CGII/framework/include/cgv/utils/advanced_scan.h
2018-05-17 15:50:03 +02:00

161 lines
5.1 KiB
C++

#pragma once
#include <vector>
#include "token.h"
#include "scan.h"
#include "lib_begin.h"
namespace cgv {
namespace utils {
/** a line in a text is simply represented as a token */
struct line : public token
{
/// construct from range
line(const char* _b = 0, const char* _e = 0) : token(_b, _e) {}
};
/// different types that a typed_token can have
enum token_type {
PLAIN, URL, FLOAT_VALUE, TIME_VALUE, DATE_VALUE
};
/** a typed token also stores the type and value of a parsed token. Although
a union of the different typed values should have been used, the values
of different type are stored successively in the typed_token because of
problems with standard construction. */
struct typed_token : public token
{
token_type type;
typed_token(const token& t, token_type tt = PLAIN) : token(t), type(tt), date_value(0) {}
double float_value;
utils::time time_value;
utils::date date_value;
};
/** this function splits a text range into tokens. The function is typically applied
to a line. One can specify whitespaces that are used to detect split locations
but do not generate any tokens. The separators also mark split locations and
generate tokens. If merge_separators is true, successive separators are merged
into one token. Finally, one can specify a pair of character lists
open_paranthesis and close_paranthesis that are used to overwrite the
splitting mechanism and allow to generate tokens including whitespaces and
separators. Some examples:
applying
vector<token> tokens;
split_to_tokens(line.begin, line.end, tokens, ".,;:", "'{", "'}", " \t");
to the line
Hello world... This is a "split to tokens" test line. {copyright: S. G.}
generates the following tokens:
Hello
world
...
This
is
a
split to tokens
test
line
.
copyright: S. G.
*/
extern CGV_API void split_to_tokens(
const char* begin, const char* end,
std::vector<token>& tokens,
const std::string& separators,
bool merge_separators = true,
const std::string& open_parenthesis = "", const std::string& close_parenthesis = "",
const std::string& whitespaces = " \t\n",
unsigned int max_nr_tokens = -1);
/// text range given as token
inline void split_to_tokens(
const token& tok,
std::vector<token>& tokens,
const std::string& separators,
bool merge_separators = true,
const std::string& open_parenthesis = "", const std::string& close_parenthesis = "",
const std::string& whitespaces = " \t\n",
unsigned int /*max_nr_tokens*/ = -1)
{
split_to_tokens(
tok.begin,tok.end,
tokens,
separators,merge_separators,open_parenthesis,close_parenthesis,whitespaces);
}
/// text range given as string
inline void split_to_tokens(
const std::string& s,
std::vector<token>& tokens,
const std::string& separators,
bool merge_separators = true,
const std::string& open_parenthesis = "", const std::string& close_parenthesis = "",
const std::string& whitespaces = " \t\n",
unsigned int /*max_nr_tokens*/ = (unsigned int)-1)
{
split_to_tokens(&s[0],&s[0]+s.size(),tokens,separators,merge_separators,open_parenthesis,close_parenthesis,whitespaces);
}
/** this function splits a text range at the newline characters into single lines.

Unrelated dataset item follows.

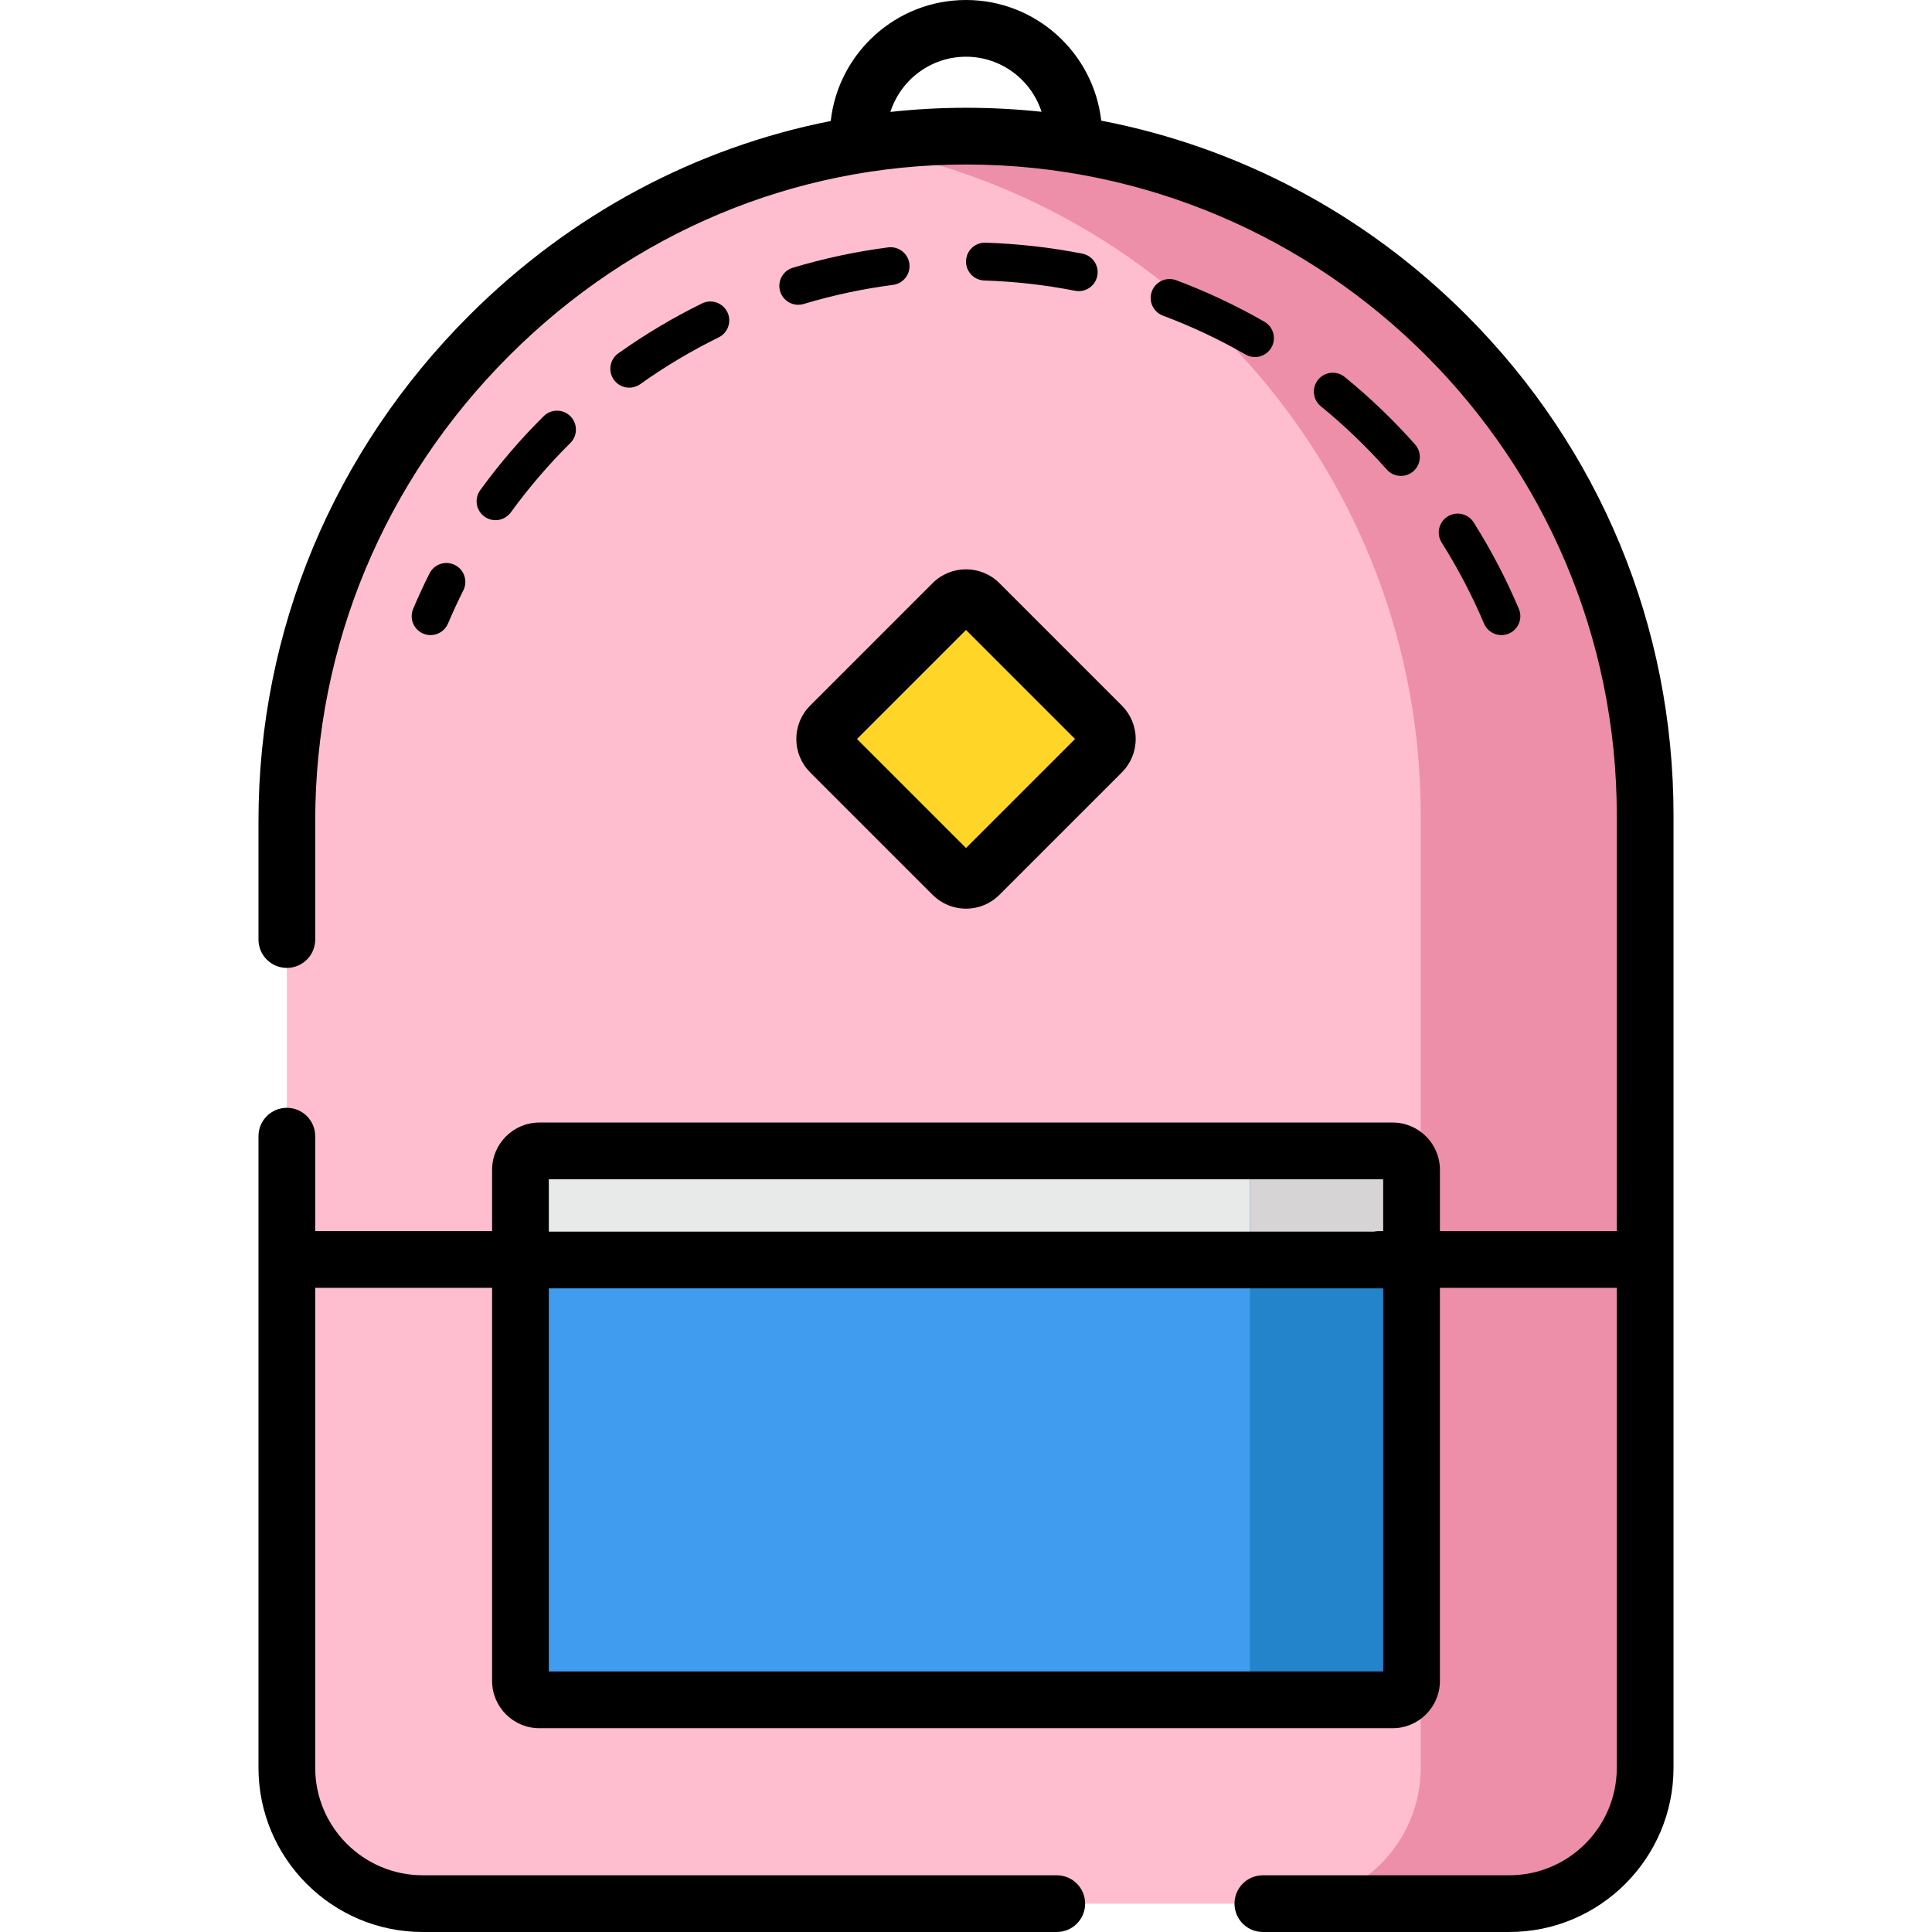 <?xml version="1.0" encoding="UTF-8"?> <svg xmlns="http://www.w3.org/2000/svg" xmlns:xlink="http://www.w3.org/1999/xlink" xmlns:svgjs="http://svgjs.com/svgjs" width="512" height="512" x="0" y="0" viewBox="0 0 512 512" style="enable-background:new 0 0 512 512" xml:space="preserve" class=""> <g> <path xmlns="http://www.w3.org/2000/svg" style="" d="M256.33,36.079C157.156,35.901,76.018,118.43,76.018,217.604v250.867 c0,19.889,16.124,36.013,36.013,36.013h287.94c19.889,0,36.013-16.124,36.013-36.013V216.062 C435.984,116.77,355.581,36.257,256.33,36.079z" fill="#ffbdd0" data-original="#ed5e4a" class=""></path> <path xmlns="http://www.w3.org/2000/svg" style="" d="M435.986,216.064v252.404c0,19.894-16.125,36.019-36.019,36.019h-59.481 c19.894,0,36.019-16.125,36.019-36.019V216.064c0-89.206-64.892-163.238-150.029-177.5c9.721-1.654,19.693-2.506,29.856-2.485 C355.579,36.259,435.986,116.766,435.986,216.064z" fill="#ed8fa9" data-original="#d85041" class=""></path> <path xmlns="http://www.w3.org/2000/svg" style="" d="M369.064,450.476H142.938c-2.768,0-5.011-2.243-5.011-5.011V310.012c0-2.767,2.243-5.011,5.011-5.011 h226.126c2.767,0,5.011,2.243,5.011,5.011v135.453C374.075,448.233,371.832,450.476,369.064,450.476z" fill="#3f9cef" data-original="#3f9cef" class=""></path> <path xmlns="http://www.w3.org/2000/svg" style="" d="M374.075,333.914H137.927v-23.902c0-2.767,2.243-5.011,5.011-5.011h226.126 c2.767,0,5.011,2.243,5.011,5.011L374.075,333.914L374.075,333.914z" fill="#e8eae9" data-original="#e8eae9"></path> <path xmlns="http://www.w3.org/2000/svg" style="" d="M291.984,199.382l-32.44,32.44c-1.957,1.957-5.13,1.957-7.087,0l-32.44-32.44 c-1.957-1.957-1.957-5.13,0-7.087l32.44-32.44c1.957-1.957,5.13-1.957,7.087,0l32.44,32.44 C293.941,194.252,293.941,197.425,291.984,199.382z" fill="#ffd527" data-original="#ffd527"></path> <path xmlns="http://www.w3.org/2000/svg" style="" d="M374.07,310.01v135.457c0,2.766-2.235,5.011-5.011,5.011h-37.823V304.999h37.823 C371.835,304.999,374.07,307.244,374.07,310.01z" fill="#2384cc" data-original="#2384cc"></path> <path xmlns="http://www.w3.org/2000/svg" style="" d="M374.07,310.01v23.902h-42.834v-28.913h37.823C371.835,304.999,374.07,307.244,374.07,310.01z" fill="#d6d4d4" data-original="#d6d4d4"></path> <path xmlns="http://www.w3.org/2000/svg" d="M114.107,168.308c1.953,0,3.809-1.149,4.618-3.06c1.249-2.955,2.616-5.912,4.061-8.79c1.242-2.473,0.244-5.485-2.229-6.727 c-2.474-1.245-5.485-0.245-6.727,2.229c-1.543,3.072-3.002,6.229-4.336,9.385c-1.078,2.549,0.115,5.49,2.664,6.567 C112.795,168.181,113.457,168.308,114.107,168.308z" fill="#000000" data-original="#000000" style="" class=""></path> <path xmlns="http://www.w3.org/2000/svg" d="M235.379,65.558c-8.546,1.107-17.05,2.924-25.278,5.401c-2.65,0.799-4.152,3.593-3.354,6.243 c0.653,2.169,2.643,3.567,4.796,3.567c0.478,0,0.965-0.069,1.447-0.213c7.705-2.321,15.671-4.022,23.676-5.058 c2.745-0.356,4.681-2.869,4.326-5.614C240.637,67.141,238.123,65.213,235.379,65.558z" fill="#000000" data-original="#000000" style="" class=""></path> <path xmlns="http://www.w3.org/2000/svg" d="M393.277,165.248c0.808,1.912,2.665,3.06,4.618,3.06c0.65,0,1.312-0.127,1.95-0.396c2.549-1.079,3.741-4.019,2.663-6.567 c-3.347-7.914-7.376-15.619-11.975-22.903c-1.478-2.339-4.57-3.038-6.913-1.561c-2.34,1.478-3.039,4.573-1.561,6.913 C386.367,150.617,390.142,157.836,393.277,165.248z" fill="#000000" data-original="#000000" style="" class=""></path> <path xmlns="http://www.w3.org/2000/svg" d="M131.316,137.85c1.55,0,3.078-0.716,4.058-2.066c4.733-6.516,10.037-12.699,15.767-18.376 c1.966-1.948,1.98-5.121,0.032-7.087c-1.95-1.966-5.122-1.98-7.087-0.032c-6.113,6.057-11.772,12.654-16.821,19.606 c-1.627,2.239-1.129,5.373,1.109,7C129.264,137.539,130.294,137.85,131.316,137.85z" fill="#000000" data-original="#000000" style="" class=""></path> <path xmlns="http://www.w3.org/2000/svg" d="M367.51,124.435c0.99,1.117,2.367,1.686,3.751,1.686c1.182,0,2.369-0.416,3.323-1.262c2.07-1.836,2.261-5.003,0.425-7.074 c-5.706-6.435-11.979-12.451-18.644-17.881c-2.144-1.748-5.302-1.426-7.05,0.719c-1.748,2.145-1.426,5.302,0.72,7.05 C356.282,112.764,362.162,118.403,367.51,124.435z" fill="#000000" data-original="#000000" style="" class=""></path> <path xmlns="http://www.w3.org/2000/svg" d="M330.09,93.954c0.787,0.452,1.645,0.667,2.491,0.667c1.736,0,3.424-0.903,4.35-2.516c1.378-2.4,0.55-5.463-1.85-6.841 c-7.466-4.288-15.33-7.988-23.376-10.998c-2.592-0.975-5.479,0.345-6.449,2.937c-0.969,2.592,0.345,5.479,2.938,6.449 C315.729,86.471,323.097,89.938,330.09,93.954z" fill="#000000" data-original="#000000" style="" class=""></path> <path xmlns="http://www.w3.org/2000/svg" d="M284.908,77.057c0.326,0.064,0.651,0.095,0.972,0.095c2.346,0,4.442-1.656,4.912-4.046c0.533-2.715-1.235-5.35-3.951-5.883 c-8.41-1.653-17.044-2.631-25.664-2.906c-2.763-0.103-5.08,2.082-5.169,4.848c-0.089,2.767,2.082,5.08,4.849,5.169 C268.936,74.591,277.028,75.509,284.908,77.057z" fill="#000000" data-original="#000000" style="" class=""></path> <path xmlns="http://www.w3.org/2000/svg" d="M166.76,102.737c1.006,0,2.022-0.301,2.903-0.93c6.571-4.681,13.567-8.853,20.795-12.4c2.484-1.218,3.51-4.221,2.291-6.705 s-4.222-3.511-6.706-2.291c-7.715,3.785-15.183,8.238-22.196,13.234c-2.254,1.606-2.779,4.735-1.173,6.989 C163.652,102.006,165.194,102.737,166.76,102.737z" fill="#000000" data-original="#000000" style="" class=""></path> <path xmlns="http://www.w3.org/2000/svg" d="M388.696,83.592c-26.824-26.87-60.374-44.593-96.856-51.617C289.795,14.007,274.507,0,256.001,0 c-18.537,0-33.846,14.053-35.85,32.064c-35.829,7.078-68.961,24.729-95.715,51.437c-36.07,36.004-55.935,83.63-55.935,134.103 v31.382c0,4.152,3.365,7.516,7.517,7.516c4.151,0,7.517-3.365,7.517-7.516v-31.382c0-46.453,18.297-90.3,51.521-123.463 c32.661-32.602,75.604-50.545,120.953-50.545c0.102,0,0.206,0,0.309,0c94.924,0.169,172.15,77.537,172.15,172.467V326.26h-46.876 v-16.249c0-6.908-5.62-12.527-12.528-12.527H142.938c-6.908,0-12.527,5.62-12.527,12.527v16.249H83.534V301.1 c0-4.152-3.365-7.516-7.517-7.516c-4.151,0-7.517,3.365-7.517,7.516v167.37C68.501,492.473,88.029,512,112.031,512h168.024 c4.151,0,7.517-3.365,7.517-7.517s-3.365-7.516-7.517-7.516H112.031c-15.713,0-28.497-12.783-28.497-28.496V341.293h46.876v104.172 c0,6.908,5.62,12.527,12.527,12.527h226.126c6.908,0,12.528-5.62,12.528-12.527V341.293h46.876v127.178 c0,15.713-12.783,28.496-28.497,28.496h-65.297c-4.151,0-7.517,3.365-7.517,7.516c0,4.152,3.365,7.517,7.517,7.517h65.297 c24.002,0,43.53-19.527,43.53-43.529V216.062C443.501,166.039,424.037,118.994,388.696,83.592z M256.344,28.563 c-0.115,0-0.222,0-0.337,0c-6.738,0-13.424,0.377-20.042,1.094c2.722-8.472,10.671-14.624,20.036-14.624 c9.352,0,17.29,6.136,20.023,14.589C269.529,28.937,262.964,28.574,256.344,28.563z M145.443,312.517h221.115v13.743h-1.102 c-0.483,0-0.954,0.05-1.412,0.137H145.443V312.517z M366.559,442.96H145.443V341.43h221.115v101.53H366.559z" fill="#000000" data-original="#000000" style="" class=""></path> <path xmlns="http://www.w3.org/2000/svg" d="M247.143,154.539l-32.439,32.44c-2.367,2.366-3.67,5.512-3.67,8.858c0,3.346,1.303,6.492,3.669,8.859l32.439,32.438 c2.367,2.367,5.513,3.67,8.859,3.67c3.346,0,6.493-1.304,8.858-3.669l32.44-32.439c0-0.001,0-0.001,0-0.001 c2.366-2.367,3.669-5.512,3.669-8.858c0-3.346-1.303-6.493-3.669-8.858l-32.44-32.44 C259.974,149.656,252.027,149.658,247.143,154.539z M284.898,195.838l-28.897,28.897l-28.897-28.896l28.897-28.897L284.898,195.838z " fill="#000000" data-original="#000000" style="" class=""></path> <g xmlns="http://www.w3.org/2000/svg"> </g> <g xmlns="http://www.w3.org/2000/svg"> </g> <g xmlns="http://www.w3.org/2000/svg"> </g> <g xmlns="http://www.w3.org/2000/svg"> </g> <g xmlns="http://www.w3.org/2000/svg"> </g> <g xmlns="http://www.w3.org/2000/svg"> </g> <g xmlns="http://www.w3.org/2000/svg"> </g> <g xmlns="http://www.w3.org/2000/svg"> </g> <g xmlns="http://www.w3.org/2000/svg"> </g> <g xmlns="http://www.w3.org/2000/svg"> </g> <g xmlns="http://www.w3.org/2000/svg"> </g> <g xmlns="http://www.w3.org/2000/svg"> </g> <g xmlns="http://www.w3.org/2000/svg"> </g> <g xmlns="http://www.w3.org/2000/svg"> </g> <g xmlns="http://www.w3.org/2000/svg"> </g> </g> </svg>

If truncate_trailing_spaces is true all spaces and tabs at the end of the
line are excluded. */
extern CGV_API void split_to_lines(const char* begin, const char* end,
std::vector<line>& lines,
bool truncate_trailing_spaces = true);
/// text range given as token
inline void split_to_lines(const token& tok,
std::vector<line>& lines,
bool truncate_trailing_spaces = true) {
split_to_lines(tok.begin,tok.end,lines,truncate_trailing_spaces);
}
/// text range given as string
inline void split_to_lines(const std::string& s,
std::vector<line>& lines,
bool truncate_trailing_spaces = true) {
split_to_lines(&s[0],&s[0]+s.size(),lines,truncate_trailing_spaces);
}
/** the input range must begin with an open parenthesis. The function
finds the matching closing parenthesis and returns a token with the
content inside the parentheses.
Examples:
balanced_find_content( "a+b", => , '(', ')' ) ==> false;
balanced_find_content( "(a+b)", => "a+b", '(', ')' ) ==> true;
balanced_find_content( "(a+(c*d),b)", => "a+(c*d),b", '(', ')' ) ==> true;
*/
extern CGV_API bool balanced_find_content(
const char* begin, const char* end,
token& content,
char open_parenthesis, char close_parenthesis);
inline bool balanced_find_content(
const token& expression,
token& content,
char open_parenthesis, char close_parenthesis) {
return balanced_find_content(expression.begin, expression.end,
content,open_parenthesis,close_parenthesis);
}
inline bool balanced_find_content(
const std::string& expression,
token& content,
char open_parenthesis, char close_parenthesis) {
return balanced_find_content(&expression[0], &expression[0]+expression.size(),
content,open_parenthesis,close_parenthesis);
}
}
}
#include <cgv/config/lib_end.h>